Liputan6.com, Jakarta Presiden Amerika Serikat, Donald Trump, tercatat telah memborong obligasi bernilai lebih dari USD 100 juta atau setara Rp1,6 triliun, sejak kembali menjabat pada Januari 2025.
Langkah investasi itu terungkap dalam dokumen setebal 33 halaman yang diserahkan Trump kepada U.S. Office of Government Ethics (OGE) pada 12 Agustus lalu, dan dipublikasikan ke publik pada Selasa (19/8/2025).
Laporan tersebut mencatat 690 transaksi keuangan yang dilakukan Trump selama menjabat.
CNBC menghitung, nilai transaksi itu mencapai sedikitnya USD 100 juta dengan mengacu pada batas nilai terendah yang dicantumkan dalam dokumen.
Investasi ke Pemerintah Daerah hingga Perusahaan Raksasa
Dalam laporan tersebut, Trump diketahui membeli obligasi yang diterbitkan pemerintah lokal, otoritas gas, penyedia air bersih, rumah sakit, hingga dewan sekolah.
Tak hanya itu, presiden yang kini memiliki kekayaan bersih USD 5,5 miliar itu juga mengoleksi surat utang dari sejumlah perusahaan besar.
- Pada Februari, Trump membeli obligasi T-Mobile, United Health, dan Home Depot masing-masing senilai USD 500 ribu hingga USD 1 juta.
- Masih di bulan yang sama, ia juga membeli surat utang dari Meta, induk Facebook dan Instagram, dengan nilai USD 250 ribu hingga USD 500 ribu.
Hingga kini, Gedung Putih belum memberikan komentar terkait langkah investasi tersebut.
Potensi Konflik Kepentingan
Obligasi atau surat utang biasanya diterbitkan perusahaan maupun pemerintah untuk membiayai proyek, melunasi utang lama, hingga menjaga stabilitas keuangan. Pemilik obligasi akan mendapatkan bunga rutin serta pengembalian pokok pinjaman pada akhir periode.
Namun, sejumlah pihak menyoroti potensi konflik kepentingan dari investasi Trump.

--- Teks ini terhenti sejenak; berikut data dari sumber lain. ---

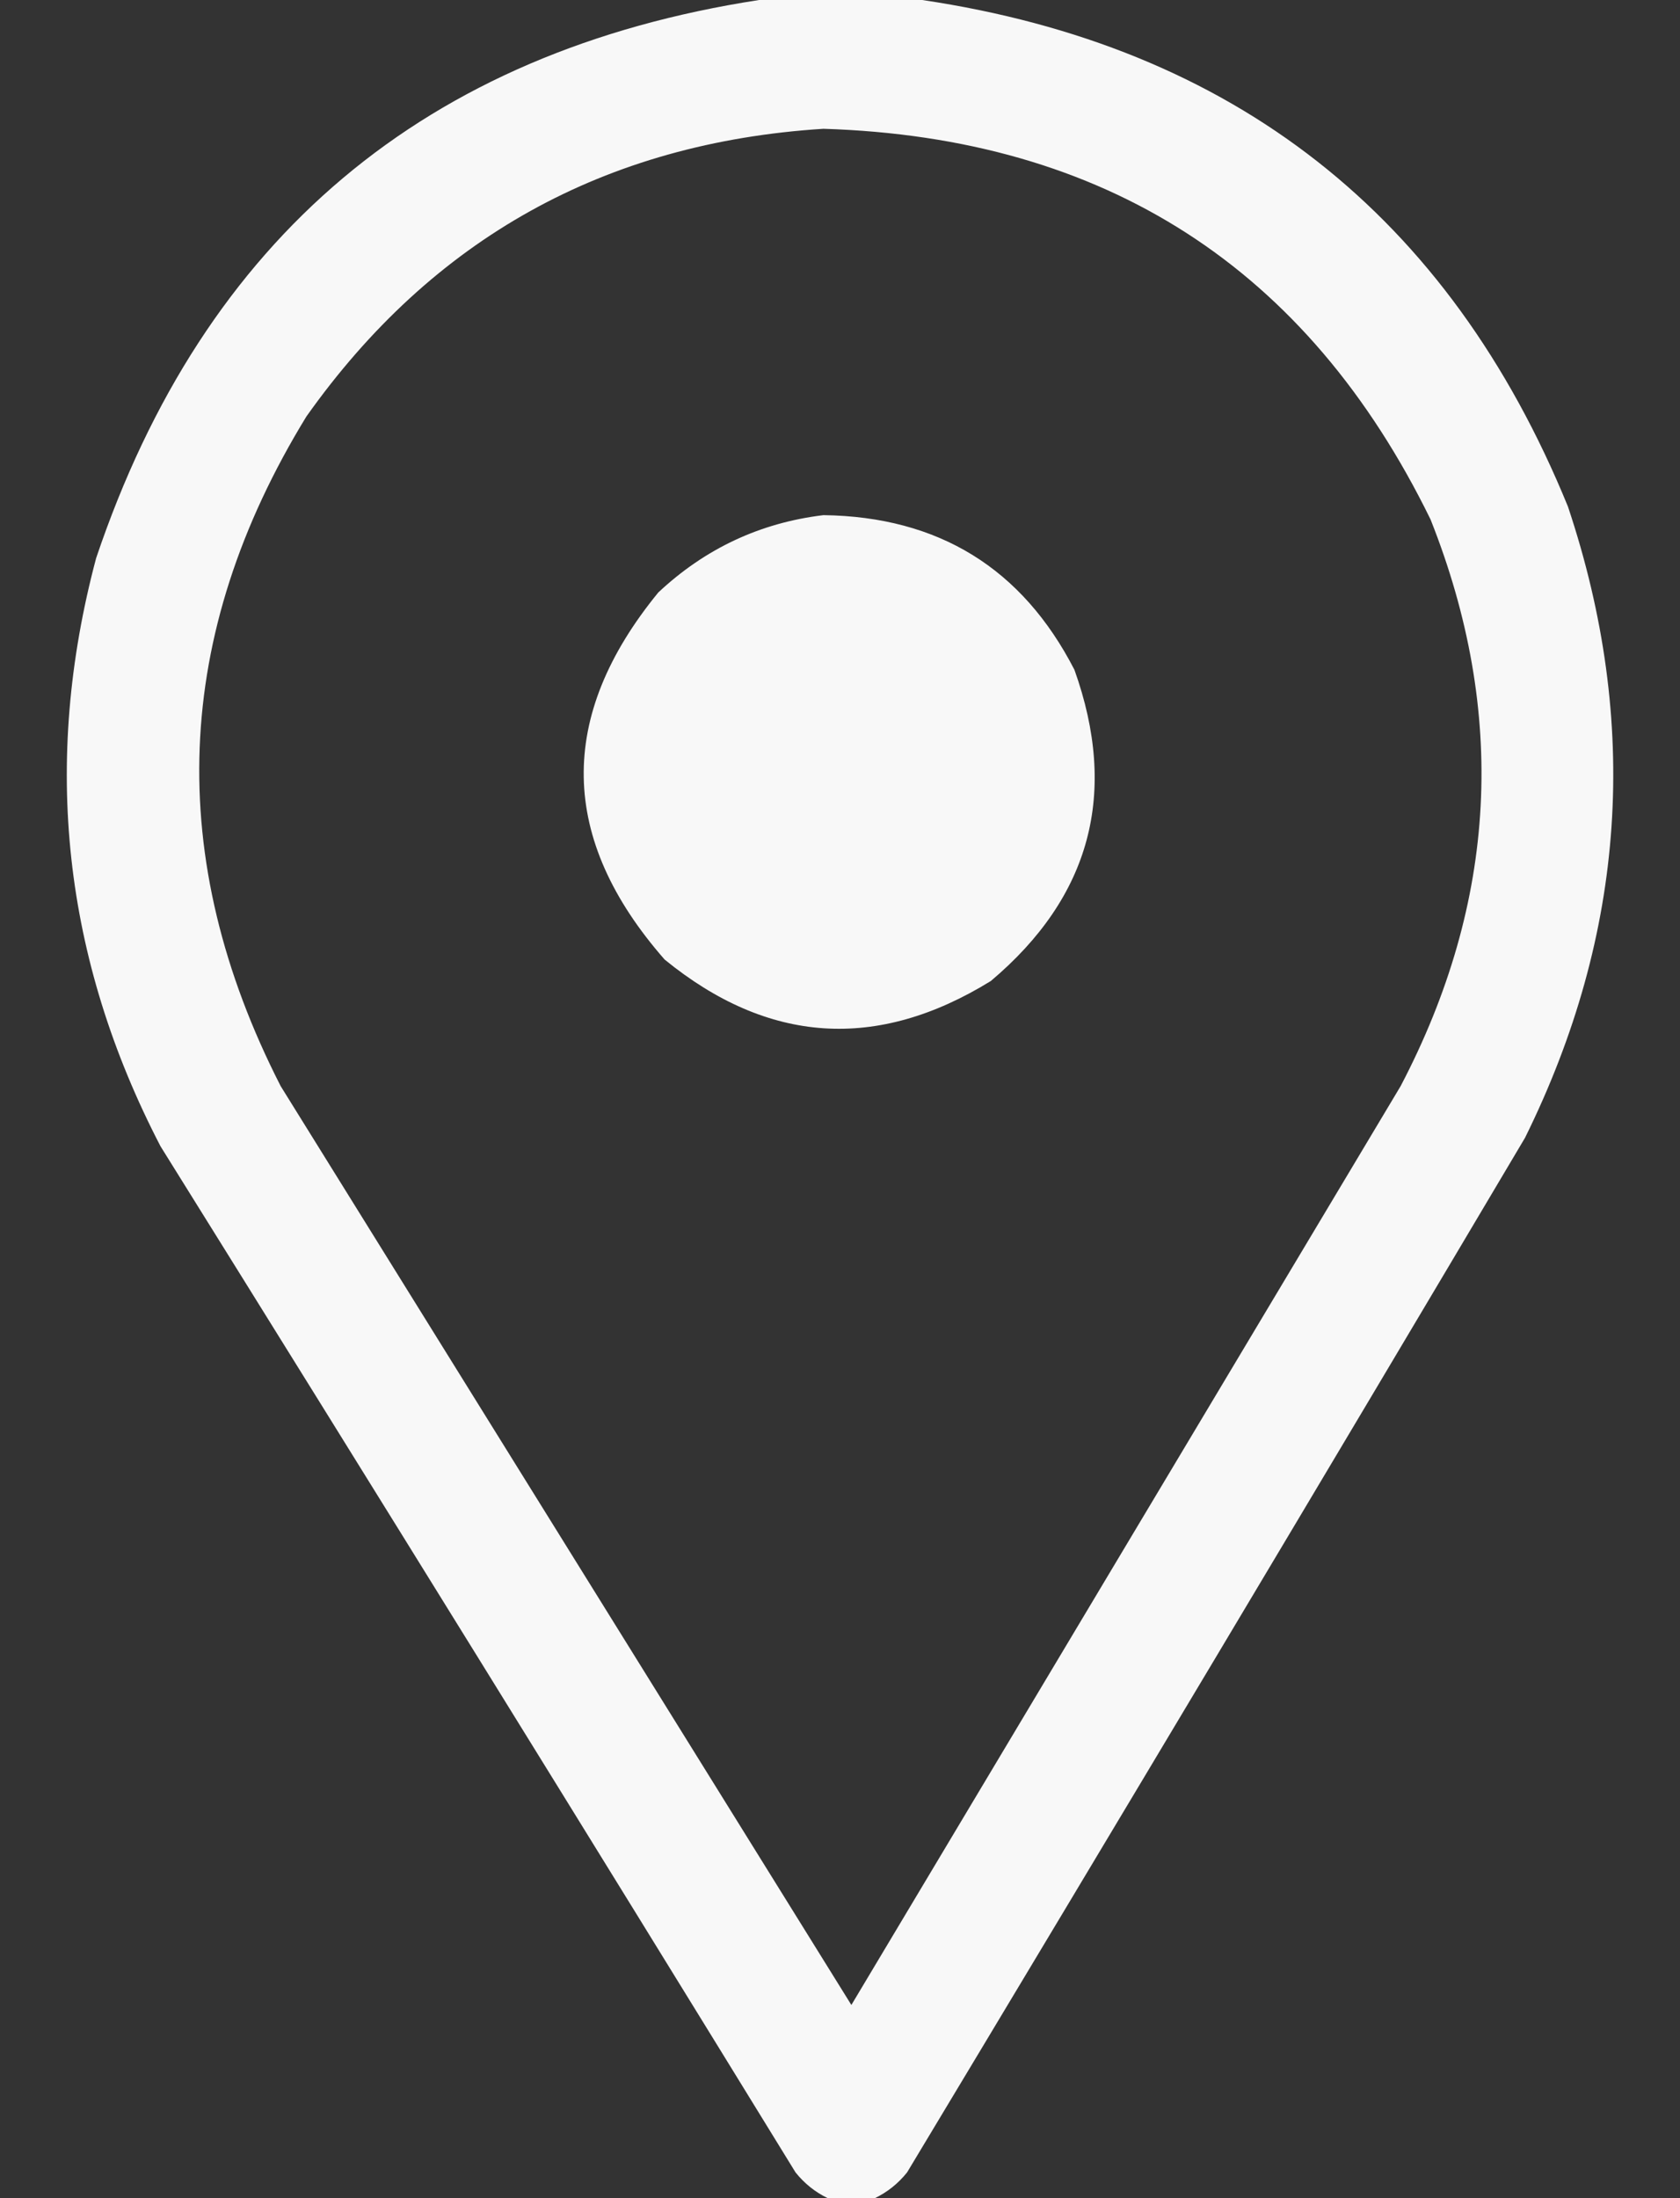 <svg width="13" height="17" viewBox="0 0 13 17" fill="none" xmlns="http://www.w3.org/2000/svg">
<rect x="0" y="0" width="13" height="17" fill="#333333" stroke="none"/>
<path opacity="0.962" fill-rule="evenodd" clip-rule="evenodd" d="M5.874 0C6.294 0 6.715 0 7.136 0C9.546 0.358 11.212 1.664 12.133 3.918C12.693 5.592 12.582 7.219 11.801 8.799C10.215 11.472 8.621 14.139 7.019 16.801C6.949 16.888 6.866 16.954 6.77 17C6.649 17 6.527 17 6.405 17C6.309 16.954 6.226 16.888 6.156 16.801C4.526 14.15 2.888 11.505 1.242 8.865C0.488 7.414 0.322 5.898 0.744 4.316C1.58 1.837 3.29 0.398 5.874 0ZM6.372 0.996C8.552 1.064 10.118 2.071 11.07 4.018C11.664 5.513 11.586 6.974 10.838 8.4C9.421 10.769 8.004 13.137 6.588 15.506C5.116 13.137 3.644 10.769 2.172 8.4C1.27 6.636 1.336 4.91 2.371 3.221C3.347 1.844 4.681 1.103 6.372 0.996ZM6.372 3.984C7.263 3.996 7.91 4.395 8.314 5.18C8.655 6.133 8.44 6.936 7.667 7.587C6.786 8.13 5.944 8.074 5.143 7.421C4.325 6.488 4.308 5.542 5.094 4.582C5.457 4.242 5.883 4.043 6.372 3.984Z" fill="#ffffff"/>
</svg>

Pasalnya, beberapa perusahaan yang surat utangnya dibeli Trump pernah terdampak langsung oleh kebijakan pemerintahannya.
Sebelumnya, kelompok pengawas Citizens for Responsibility and Ethics in Washington mengingatkan, setiap presiden modern sebelum Trump selalu memilih melepas kepentingan bisnis pribadi ketika menjabat.
Meski begitu, berdasarkan aturan federal, presiden dan wakil presiden AS memang memiliki pengecualian dari sebagian regulasi terkait konflik kepentingan pejabat federal.
Forbes mencatat, sejak 2020 hingga kini, Trump menikmati periode pasca-kepresidenan paling menguntungkan dalam sejarah AS berkat sejumlah bisnis dan produk yang ditujukan kepada para pendukungnya.